Figure 5 Converged architecture pattern
The fabric and fabric management host controllers require sufficient storage to account for the operating system and paging files. In Windows Server 2012 R2, we recommend that virtual memory be configured as “Automatically manage paging file size for all drives.”
Although boot from SAN from Fibre Channel and iSCSI storage is supported in Windows Server 2012 R2 and Windows Server 2012, it is widely accepted to have storage configured locally per server to provide these capabilities for each server, given the configuration of standard non-converged servers. In these cases, local storage should include two disks that are configured as RAID 1 (mirror) as a minimum, with an optional global hot spare.
To provide quorum for the server infrastructure, we recommend that you utilize a quorum configuration of Node and Disk Majority. To support this, a cluster witness disk is required to support this quorum model. In converged pattern configurations, we recommend that a 1 GB witness disk that is formatted as NTFS be provided for all fabric and fabric management clusters. This provides resiliency and prevents partition-in-time scenarios within the cluster.
Windows Server 2012 R2 provides multiple host access to a shared disk infrastructure through CSV. For converged patterns, the SAN should be configured to provide adequate storage for virtual machine workloads. Because workload virtual disks often exceed multiple gigabytes, we recommend that where it is supported by the workload, dynamically expanding disks be used to provide higher density and more efficient use of storage.

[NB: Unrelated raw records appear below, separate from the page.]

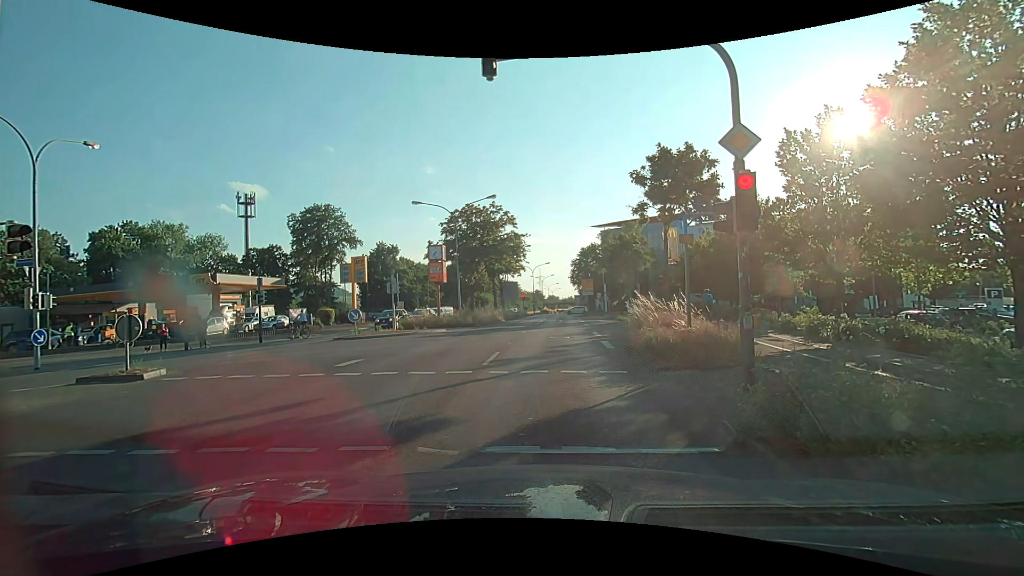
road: primary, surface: asphalt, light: Day
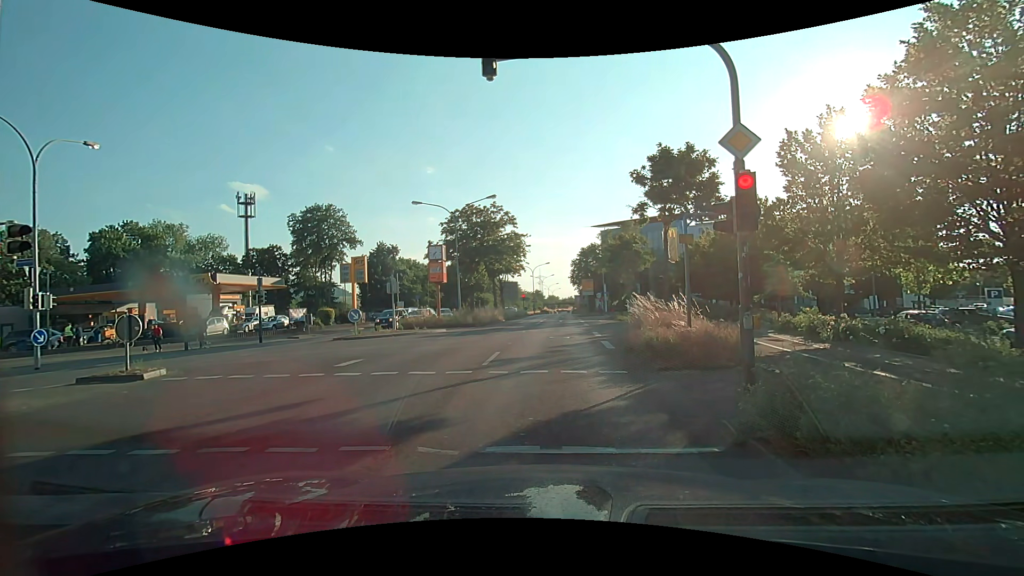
(0.0, 0.0) m; 0°
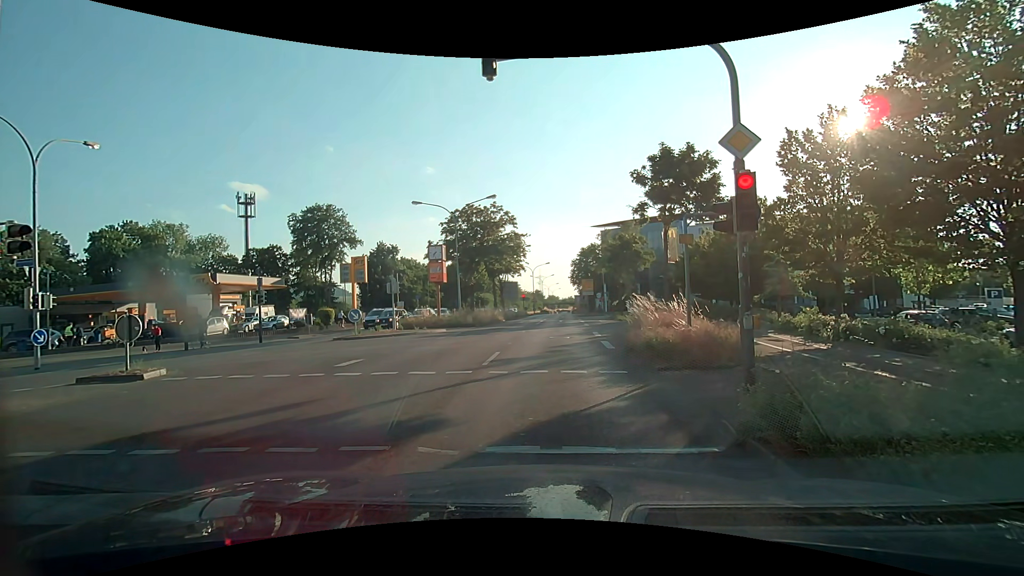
(0.0, 0.0) m; 0°
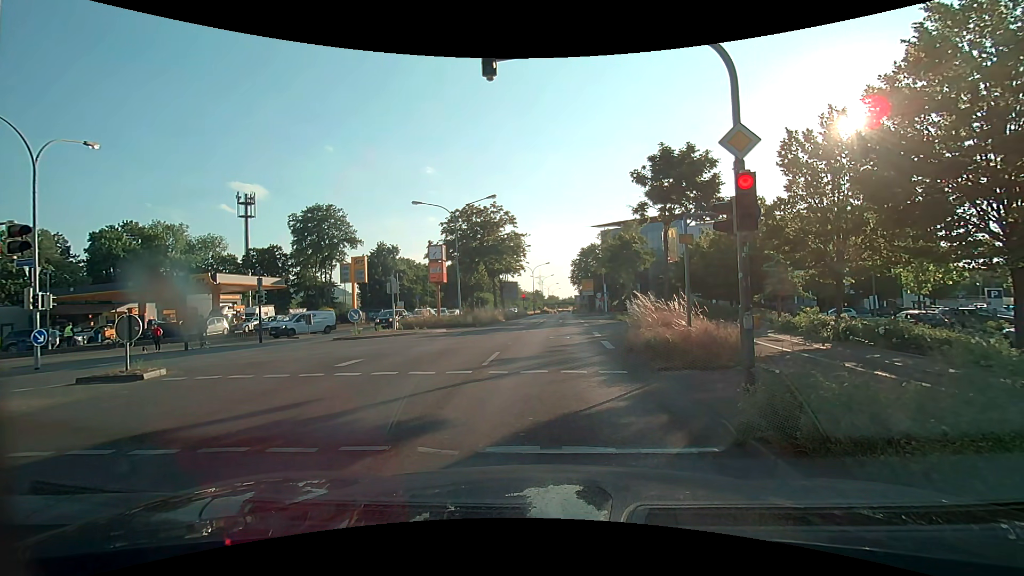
(0.0, 0.0) m; 0°
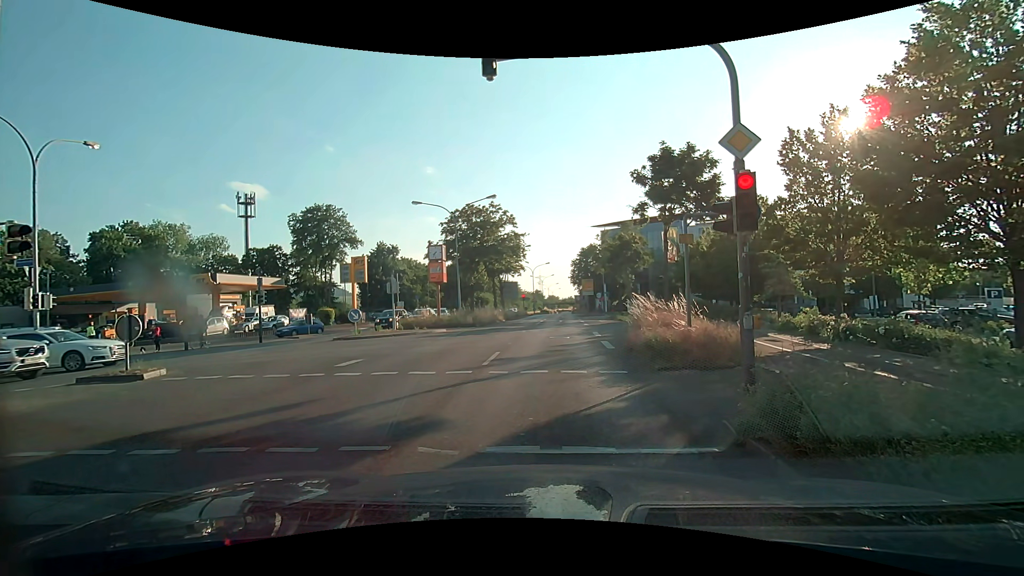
(0.0, 0.0) m; 0°
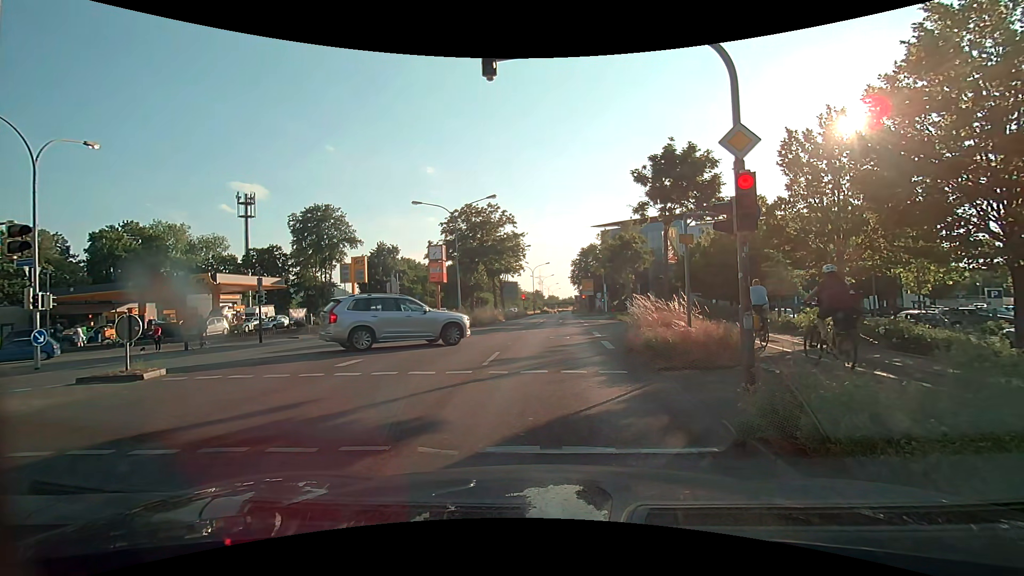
(0.0, 0.0) m; 0°
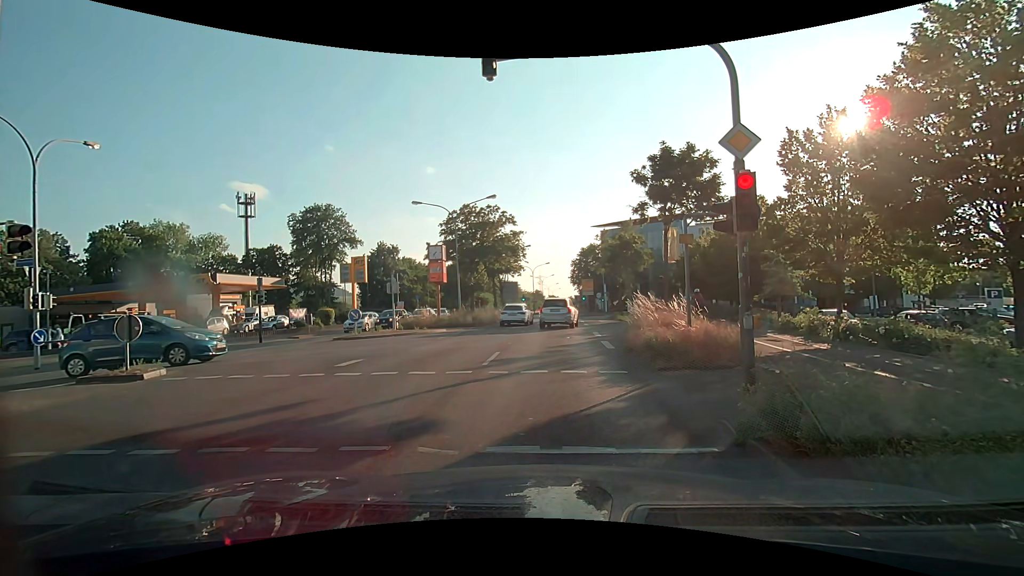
(0.0, 0.0) m; 0°
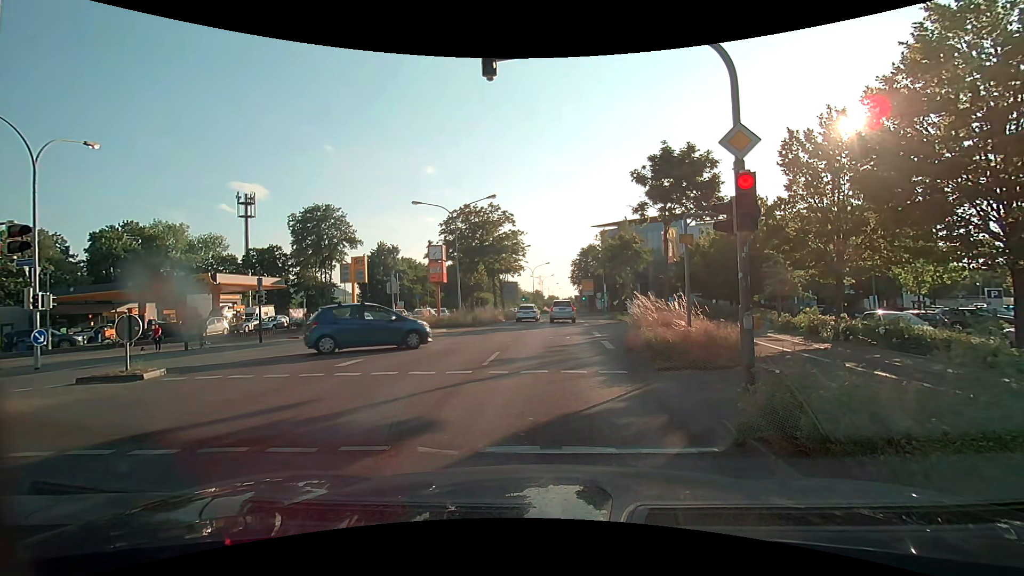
(0.0, 0.0) m; 0°

Additional SAN capabilities such as thin provisioning of LUNs can assist with the consumption of physical space. However, this functionality should be evaluated to help make sure that workload performance is not affected.
For the purposes of Hyper-V failover clustering, CSV must be configured in Windows as a basic disk that is formatted as NTFS (FAT and FAT32 are not supported for CSV). CSV cannot be used as a witness disk, and they cannot have Windows Data Deduplication enabled. Although supported, ReFS should not be used in conjunction with a CSV with Hyper-V workloads.

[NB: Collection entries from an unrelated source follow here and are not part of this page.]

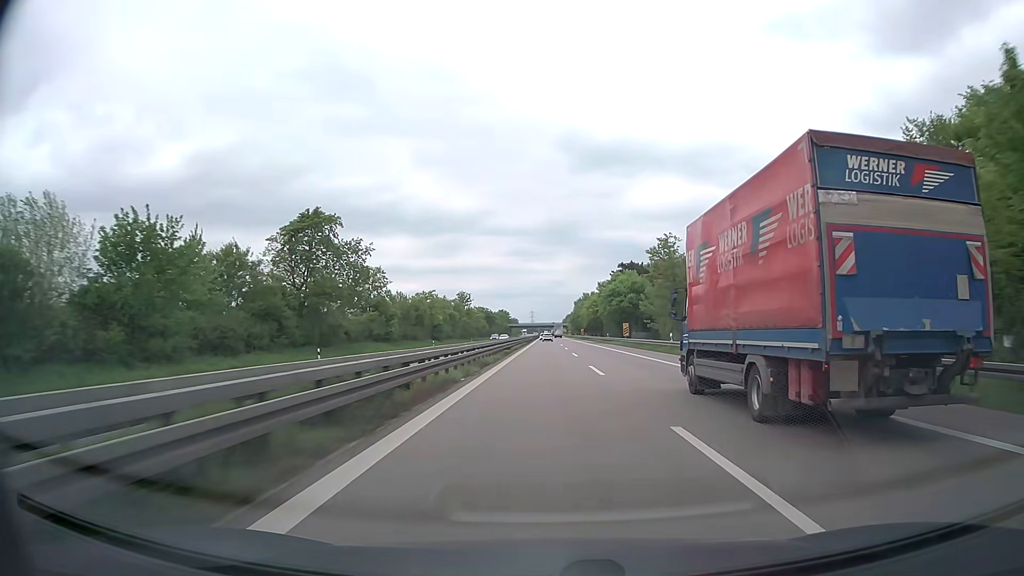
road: trunk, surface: asphalt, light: Day
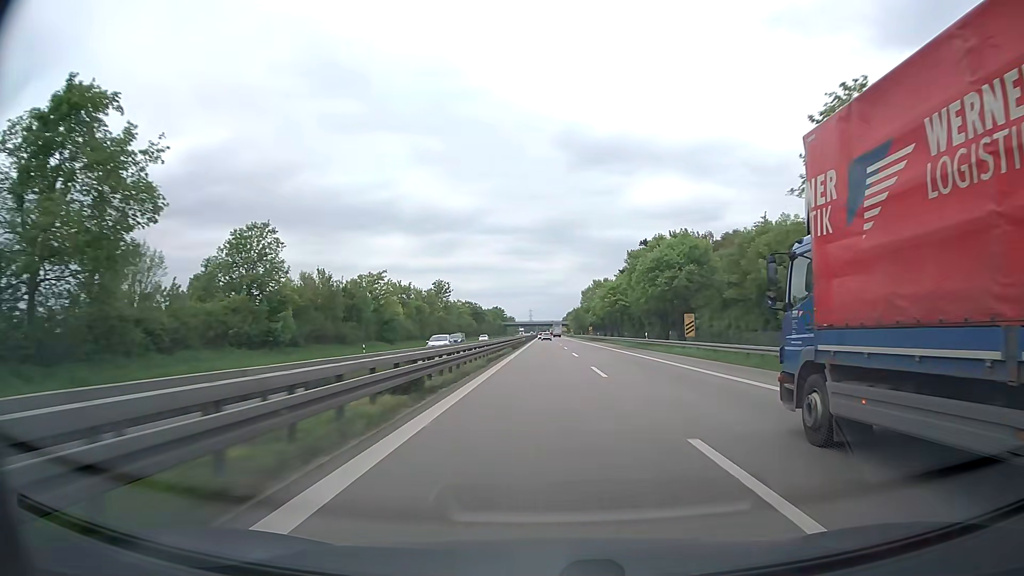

A CSV has no restrictions in the number of virtual machines that it can support on an individual CSV, because metadata updates on a CSV are orchestrated on the server side and they run in parallel to provide no interruption and increased scalability.
Performance considerations fall primarily on the IOPS that the SAN provides, given that multiple servers from the Hyper-V failover-cluster stream I/O to a commonly shared LUN. Providing more than one CSV to the Hyper-V failover cluster within the fabric can increase performance, depending on the SAN configuration.
To support guest clustering, LUNs can be presented to the guest operating system through iSCSI or Fibre Channel. Configurations for the converged pattern should include sufficient space on the SAN to support a small number of LUNs that support workloads with high availability requirements that must be satisfied within the guest virtual machines and associated applications.